Vivre en marge
De Dave Bookless, A Rocha (extrait de son blog Janvier 2016)
J’ai récemment passé la nuit dans une maison de campagne et décidé de me lever de bonne heure pour aller marcher. Il faisait un froid de canard, le sol était dur comme de la pierre, sur les sillons et sur les haies, les cristaux de gelée blanche renvoyaient un kaléidoscope de couleur répondant au soleil qui pointait lentement au-dessus de l’horizon. Alors que j’avançais d’un pas lourd sur le chemin qui longeait les champs, marchant vite pour me réchauffer, je scrutais du regard pour découvrir des signes de vie sauvage. Mis à part quelques lièvres et des corbeaux quittant leur perchoir, les champs étaient nus. Pourtant les haies et la lisière des champs foisonnaient de vie. Les programmes européens en faveur d’une agriculture soucieuse de la conservation des espèces faisaient que les bordures des champs étaient larges et couvertes d’herbe, où des
nuées de pinsons, chardonnerets, linottes et bruants jaunes se disputaient les graines et s’élevaient en volées bruyantes et colorées. Dans l’herbe longue, il y avait la piste à moitié effacée de loirs gris, de campagnols des champs et de musaraignes, et des crécerelles planaient pour les chercher à l’aide de leur vision ultraviolette. Lapins et faisans slalomaient entre les pieds des buissons pour m’éviter.

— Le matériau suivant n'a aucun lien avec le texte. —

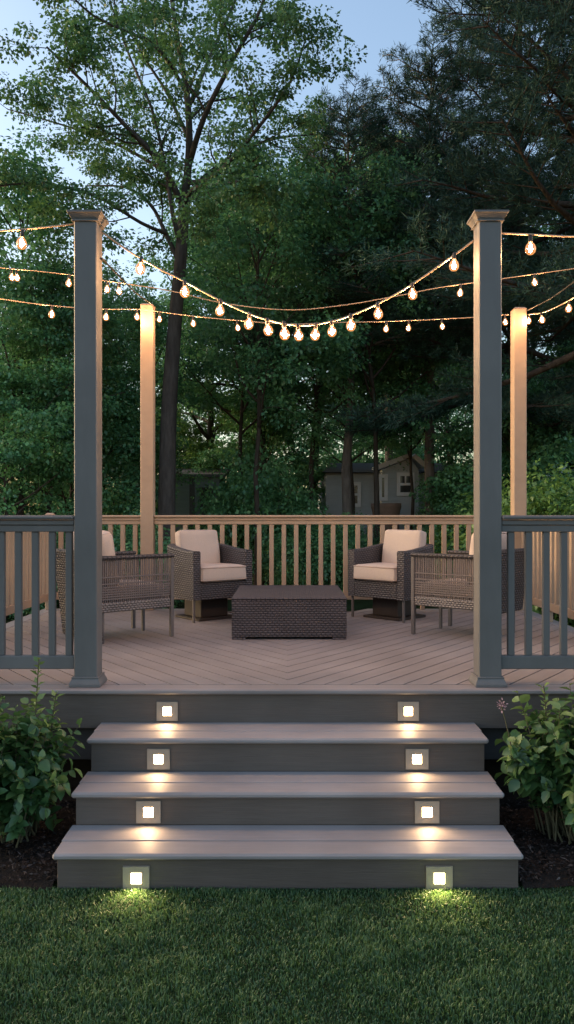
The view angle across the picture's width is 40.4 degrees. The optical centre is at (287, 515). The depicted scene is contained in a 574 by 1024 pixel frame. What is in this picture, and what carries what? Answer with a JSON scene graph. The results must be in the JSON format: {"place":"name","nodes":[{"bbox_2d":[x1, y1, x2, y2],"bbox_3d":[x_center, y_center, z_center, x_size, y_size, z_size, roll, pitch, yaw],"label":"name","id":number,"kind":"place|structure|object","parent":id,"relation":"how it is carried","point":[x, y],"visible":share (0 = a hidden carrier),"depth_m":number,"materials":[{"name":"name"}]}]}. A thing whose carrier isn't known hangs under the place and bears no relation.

La riche diversité des marges était en total contraste avec la nudité des champs. Quelle absurdité de la part des économistes et des agronomes que de dire « améliorés » les déserts de l’agriculture commerciale, traités chimiquement, tandis qu’ils appellent « non améliorée » la richesse naturelle des marges. Cependant, la richesse de vie à la marge m’a fait réfléchir. Quelques jours plus tôt, j’avais donné un coup de main pour un asile de nuit hivernal organisé par notre Église pour les hommes migrants sans domicile de Southall, dans la banlieue de Londres. Ces personnes vivaient à part, en marge non améliorée de la société, tributaires des restes alimentaires. Beaucoup d’entre elles étaient en proie à des dépendances et à des problèmes de santé mentale, confrontées aussi à la confusion créée par une langue et une culture étrangère, ainsi qu’à la
déception de rêves brisés. Elles ne représentaient qu’une fraction des millions de marginalisés dans notre monde déchiré, forcés à part par les conflits et le climat. Leur dignité m’a impressionné quand ils cherchaient à m’aider à replier leur lit de camp et ranger leur literie avant de repartir dans le froid.
Réfléchissant à ces deux expériences de vie en marge, le récit biblique de Boaz et Ruth m’est venu en mémoire. Dieu prend soin de ceux qui sont à la marge - humains et non-humains - et il nous appelle à les accueillir avec chaleur, à partager avec eux la générosité que Dieu offre dans sa création. La vie n’est pas faite pour maximiser le rendement économique à tout prix, humain ou écologique, la vie est faite pour approfondir les relations et reconnaître nos liens avec ceux qui sont en marge.
En poursuivant ma réflexion, j’ai pris conscience de la fréquence avec laquelle Dieu parle des marges pour nous rendre conscients de notre stérilité. Jérémie, Ézéchiel et Jean le Baptiseur, comme beaucoup d’autres prophètes, ont vu les choses plus clairement parce qu’ils étaient en marge, imperméables aux effets polluants d’une société toxique. Dans notre monde globalisé, alimenté en combustibles fossiles, accroché aux faux dieux de la croissance économique effrénée et des excès consuméristes, nous devons écouter ceux qui sont en marge. Nous devons entendre la voix des réfugiés, poètes et prophètes, et le cri des dernières alouettes et tourterelles qui nous préviennent des catastrophes et nous invitent à vivre mieux autrement.
Enfin au moment où j’écris, alors qu’A Rocha UK
inaugure la nouvelle initiative
EcoChurch, je crois qu’un appel prophétique est lancé aux communautés chrétiennes, les appelant à aller vers la marge. Nous devons vivre en mettant en évidence une vision différente, en devenant les modèles de valeurs alternatives aux discours du courant dominant. Nos Églises peuvent servir de modèle d’une façon de vivre qui célèbre la vie en marge, accueille l’étranger, prend soin de la biodiversité et met en évidence l’abondance et la joie qui naissent du partage et de la simplicité. Puis-je donc vous encourager à
faire avec moi l’effort de chercher, écouter et apprendre de ceux qui sont en marge ? Ce faisant, nous pourrions bien découvrir que Jésus nous y a précédés.